About this task ::
Lines containing the word "blue" in the data below: say how many, with no other text.

Task input ::
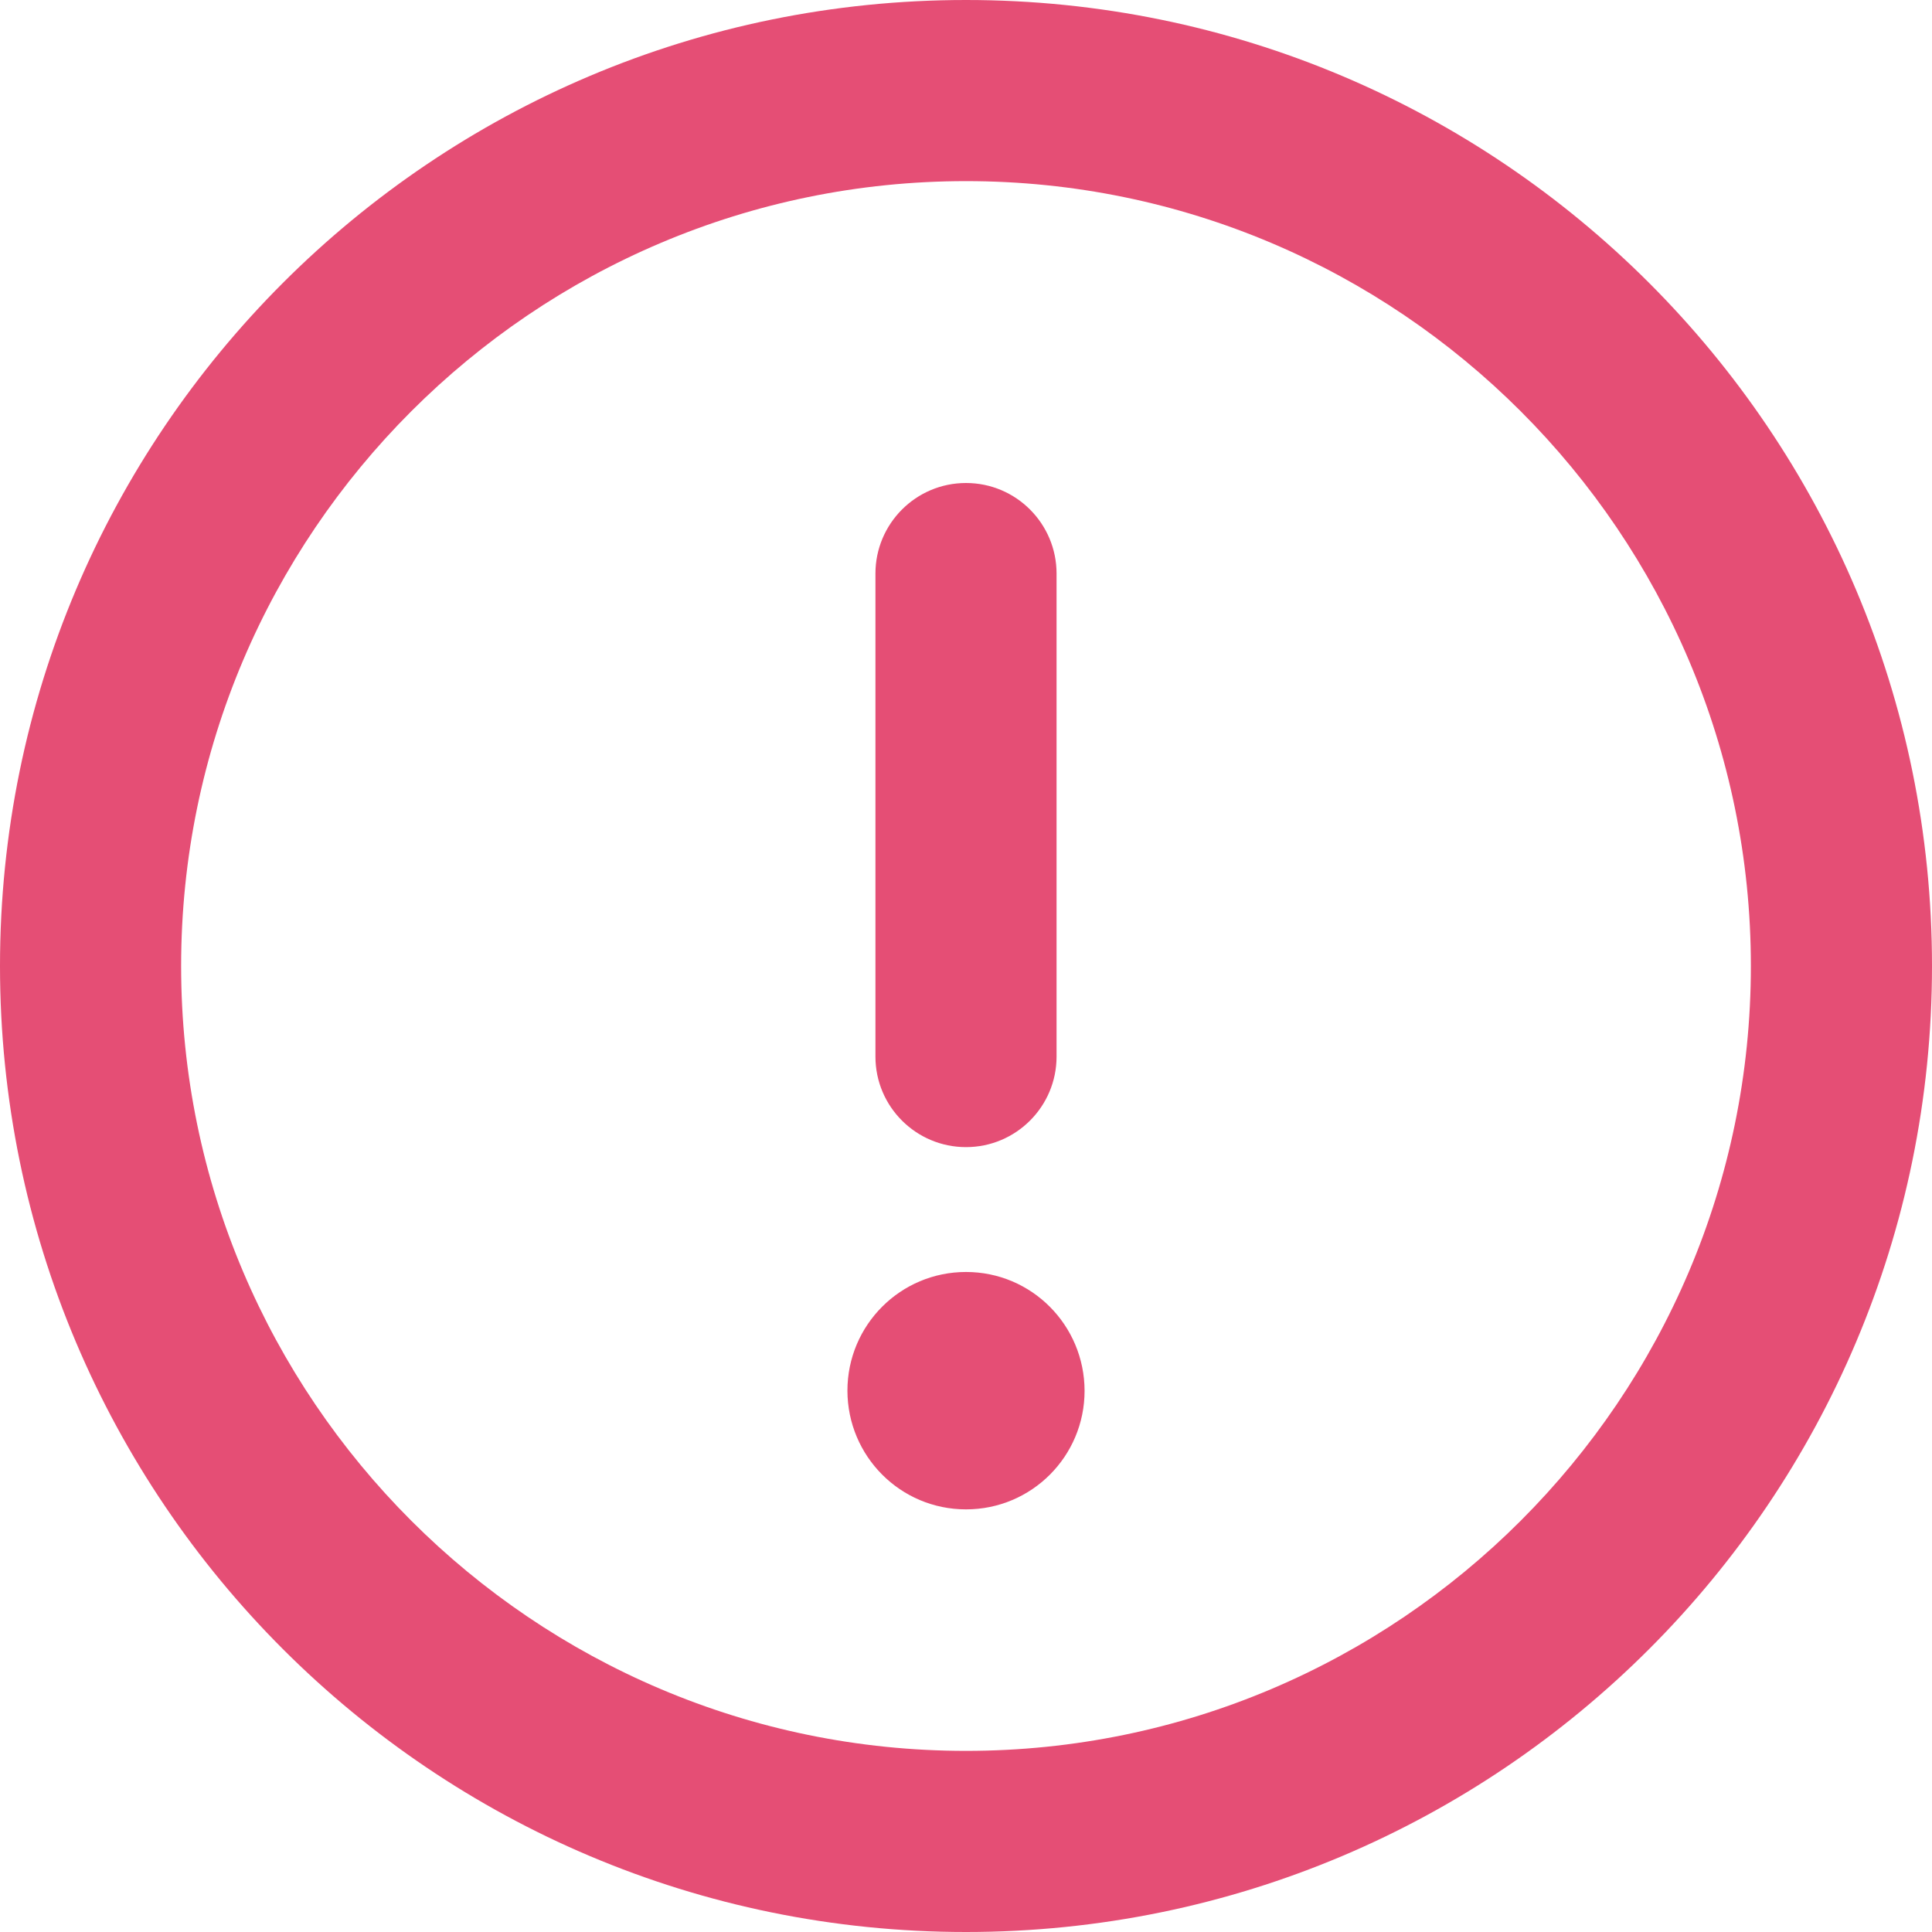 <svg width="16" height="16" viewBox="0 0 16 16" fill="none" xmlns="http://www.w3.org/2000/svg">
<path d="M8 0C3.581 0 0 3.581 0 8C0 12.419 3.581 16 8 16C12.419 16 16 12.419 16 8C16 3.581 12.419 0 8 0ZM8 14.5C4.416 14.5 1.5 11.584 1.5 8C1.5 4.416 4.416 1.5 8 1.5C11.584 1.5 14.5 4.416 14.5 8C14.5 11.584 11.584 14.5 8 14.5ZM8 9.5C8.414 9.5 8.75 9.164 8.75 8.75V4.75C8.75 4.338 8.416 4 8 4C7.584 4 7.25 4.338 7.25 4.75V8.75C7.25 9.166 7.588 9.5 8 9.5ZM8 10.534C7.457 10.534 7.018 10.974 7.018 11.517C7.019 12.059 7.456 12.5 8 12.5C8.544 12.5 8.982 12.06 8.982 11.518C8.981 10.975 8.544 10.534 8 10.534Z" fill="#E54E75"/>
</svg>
---
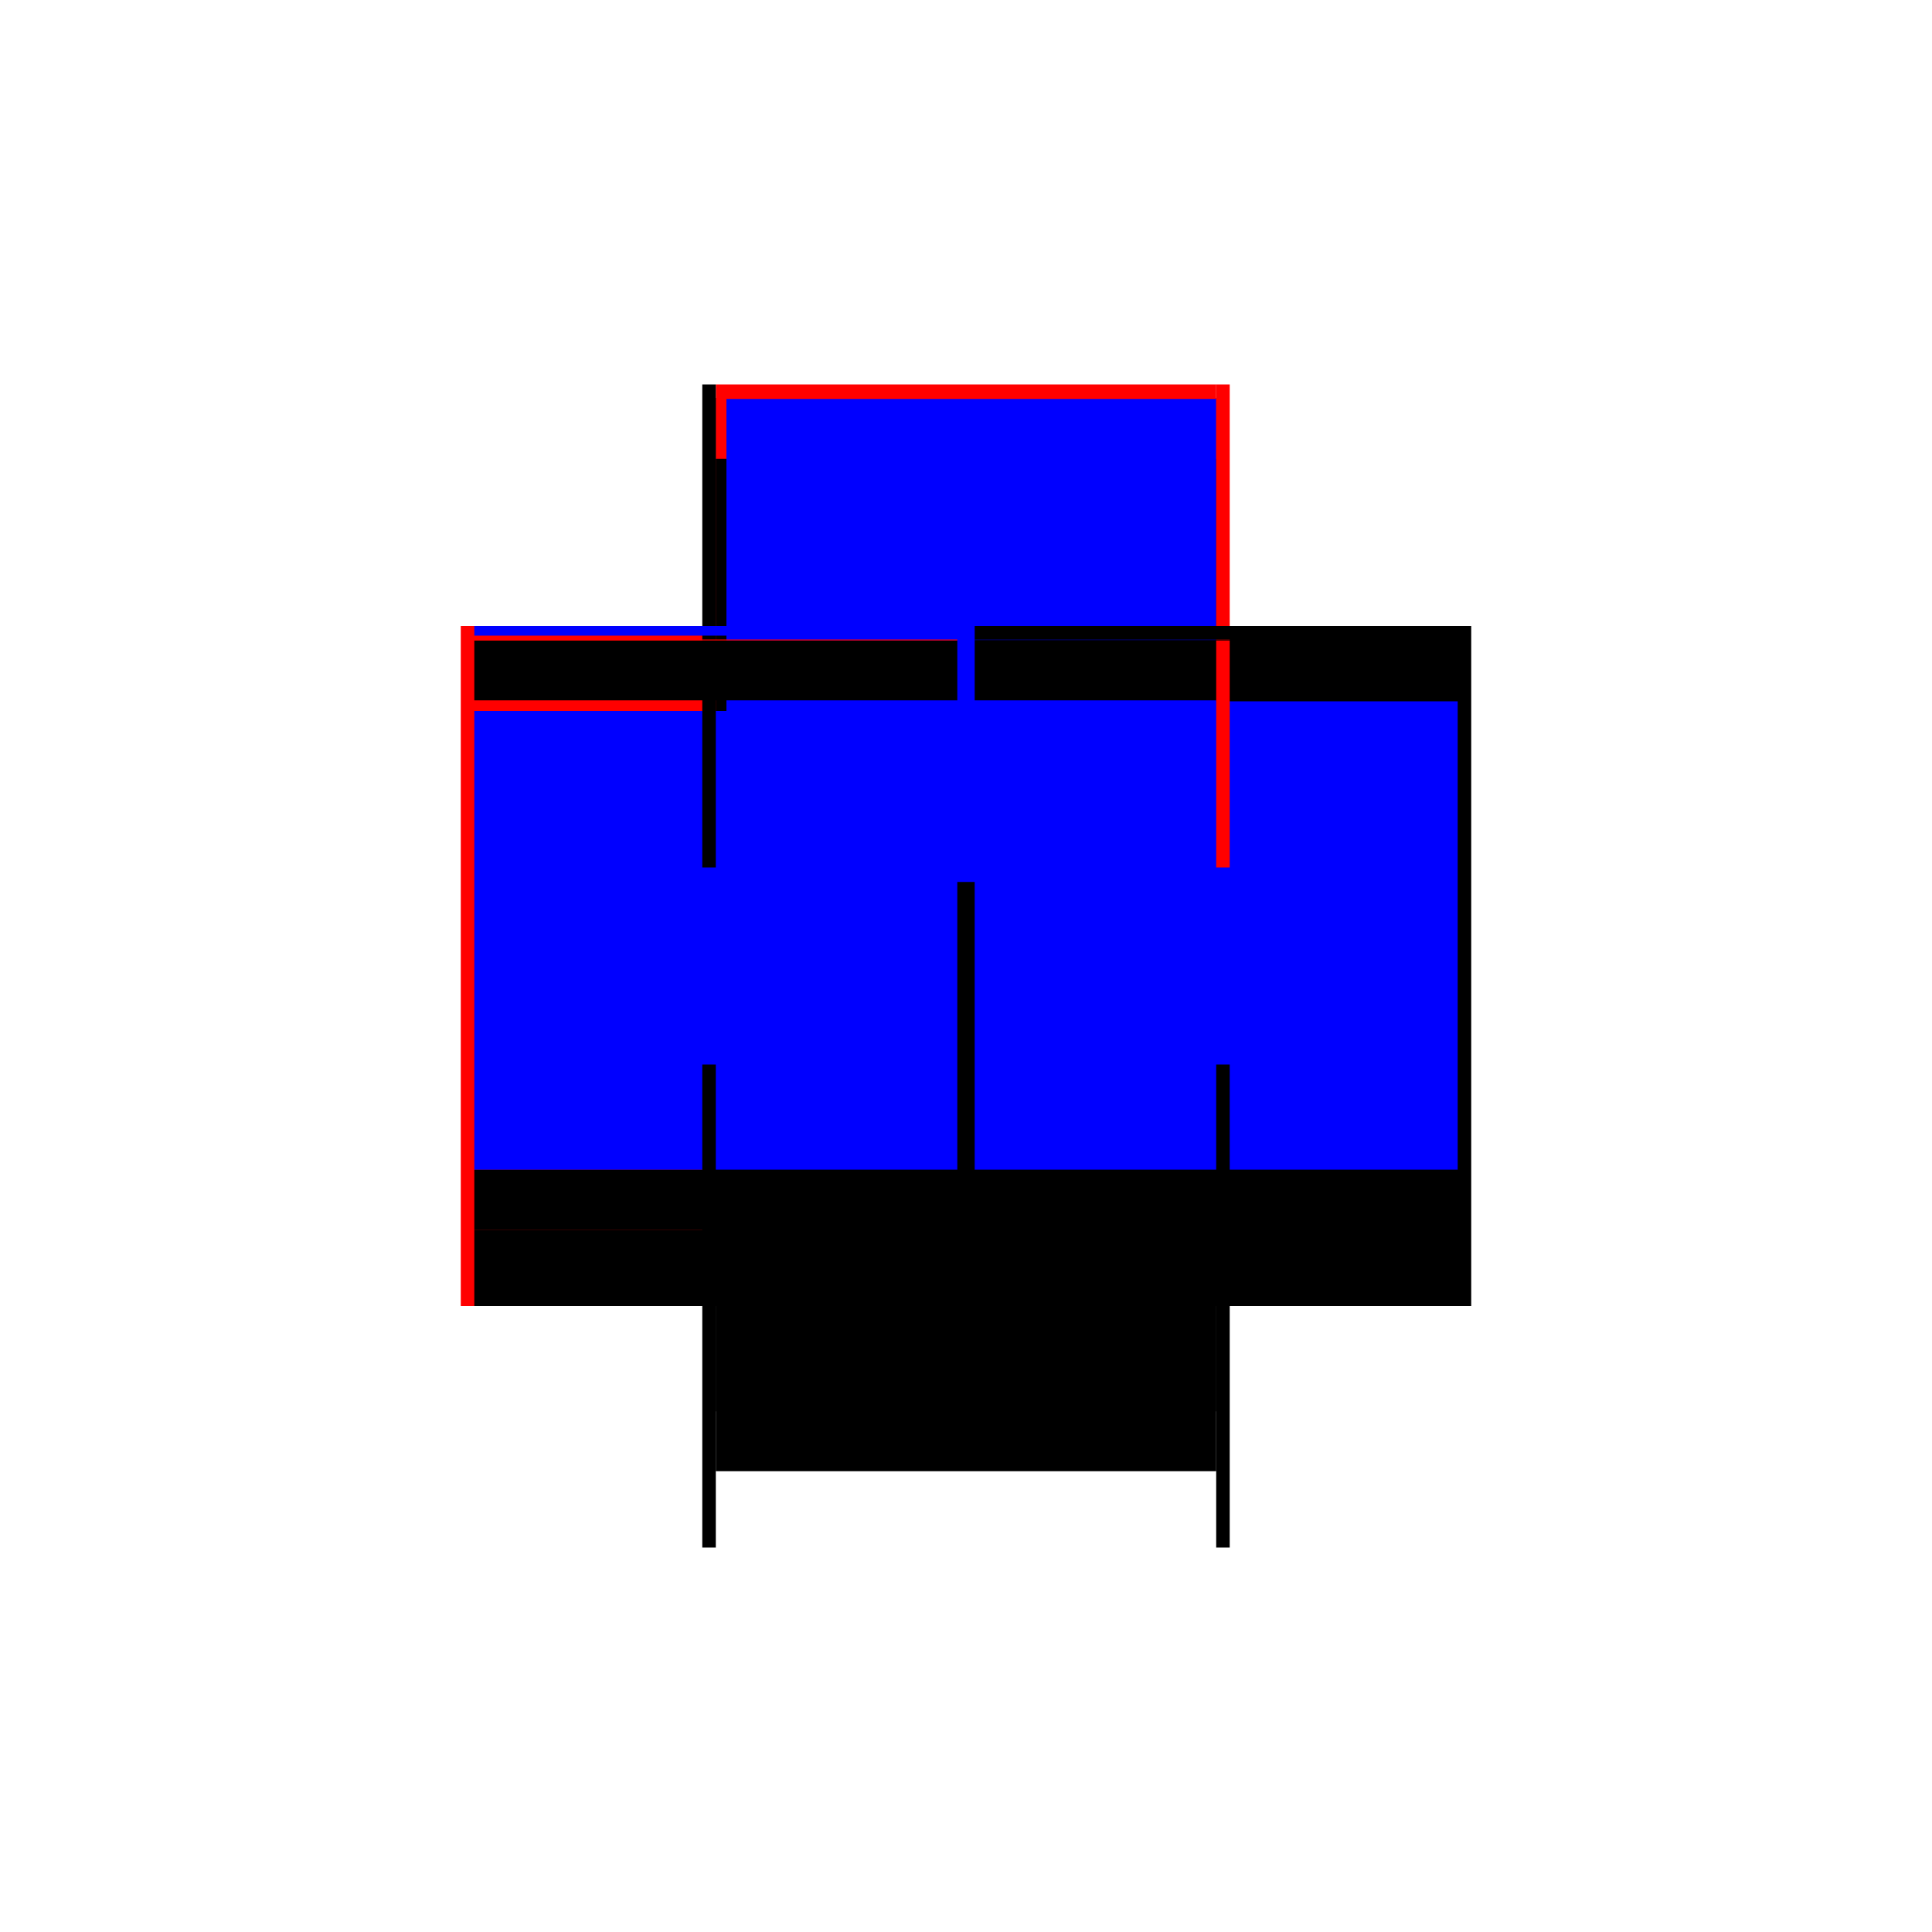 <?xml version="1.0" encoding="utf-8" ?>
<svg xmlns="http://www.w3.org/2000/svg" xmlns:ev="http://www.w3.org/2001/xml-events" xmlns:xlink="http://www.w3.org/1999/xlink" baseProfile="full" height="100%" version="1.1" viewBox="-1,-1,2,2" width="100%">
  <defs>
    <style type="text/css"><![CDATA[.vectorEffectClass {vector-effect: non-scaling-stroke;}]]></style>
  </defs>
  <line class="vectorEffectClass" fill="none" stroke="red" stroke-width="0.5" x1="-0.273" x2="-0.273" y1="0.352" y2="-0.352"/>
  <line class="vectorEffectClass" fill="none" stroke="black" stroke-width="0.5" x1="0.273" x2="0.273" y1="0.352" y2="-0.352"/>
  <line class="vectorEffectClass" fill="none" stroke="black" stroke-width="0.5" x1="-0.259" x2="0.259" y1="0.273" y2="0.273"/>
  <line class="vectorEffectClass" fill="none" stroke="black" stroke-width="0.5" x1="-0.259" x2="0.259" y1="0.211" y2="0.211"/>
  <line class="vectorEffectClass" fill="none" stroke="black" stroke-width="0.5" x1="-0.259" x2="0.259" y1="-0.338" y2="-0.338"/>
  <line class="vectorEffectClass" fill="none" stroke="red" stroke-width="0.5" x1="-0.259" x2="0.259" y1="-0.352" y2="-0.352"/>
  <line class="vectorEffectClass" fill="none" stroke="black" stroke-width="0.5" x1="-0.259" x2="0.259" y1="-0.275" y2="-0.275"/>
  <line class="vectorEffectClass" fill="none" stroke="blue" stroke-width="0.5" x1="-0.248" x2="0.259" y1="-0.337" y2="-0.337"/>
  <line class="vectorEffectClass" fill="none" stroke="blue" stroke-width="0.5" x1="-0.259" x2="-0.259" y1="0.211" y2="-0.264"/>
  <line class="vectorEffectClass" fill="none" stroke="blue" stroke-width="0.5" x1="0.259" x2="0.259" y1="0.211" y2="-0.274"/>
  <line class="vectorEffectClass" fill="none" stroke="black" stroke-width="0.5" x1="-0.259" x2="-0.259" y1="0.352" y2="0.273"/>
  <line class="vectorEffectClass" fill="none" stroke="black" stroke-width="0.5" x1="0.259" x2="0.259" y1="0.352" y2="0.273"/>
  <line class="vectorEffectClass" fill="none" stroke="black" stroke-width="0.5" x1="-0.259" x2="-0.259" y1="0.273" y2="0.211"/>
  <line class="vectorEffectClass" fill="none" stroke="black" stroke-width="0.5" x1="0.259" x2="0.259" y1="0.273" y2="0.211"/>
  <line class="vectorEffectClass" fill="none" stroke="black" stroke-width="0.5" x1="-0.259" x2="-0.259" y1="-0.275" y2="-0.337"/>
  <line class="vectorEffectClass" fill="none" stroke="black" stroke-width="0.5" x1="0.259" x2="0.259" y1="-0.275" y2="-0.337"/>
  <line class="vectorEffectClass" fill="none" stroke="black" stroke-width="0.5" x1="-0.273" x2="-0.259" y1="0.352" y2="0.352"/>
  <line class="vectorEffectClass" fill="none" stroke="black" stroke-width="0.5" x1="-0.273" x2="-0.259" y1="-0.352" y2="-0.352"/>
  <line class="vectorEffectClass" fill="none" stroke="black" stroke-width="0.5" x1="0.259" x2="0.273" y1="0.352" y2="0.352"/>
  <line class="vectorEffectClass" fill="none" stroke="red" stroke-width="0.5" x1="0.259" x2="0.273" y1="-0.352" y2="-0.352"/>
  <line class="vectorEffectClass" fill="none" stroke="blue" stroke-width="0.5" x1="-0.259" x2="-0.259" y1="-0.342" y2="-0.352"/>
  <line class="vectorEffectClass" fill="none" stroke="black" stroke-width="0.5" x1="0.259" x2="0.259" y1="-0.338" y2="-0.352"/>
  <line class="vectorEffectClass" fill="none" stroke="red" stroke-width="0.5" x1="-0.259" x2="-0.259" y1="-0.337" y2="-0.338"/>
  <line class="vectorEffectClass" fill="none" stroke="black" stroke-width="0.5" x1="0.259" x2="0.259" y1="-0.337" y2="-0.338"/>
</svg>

Response to this exercise ::
4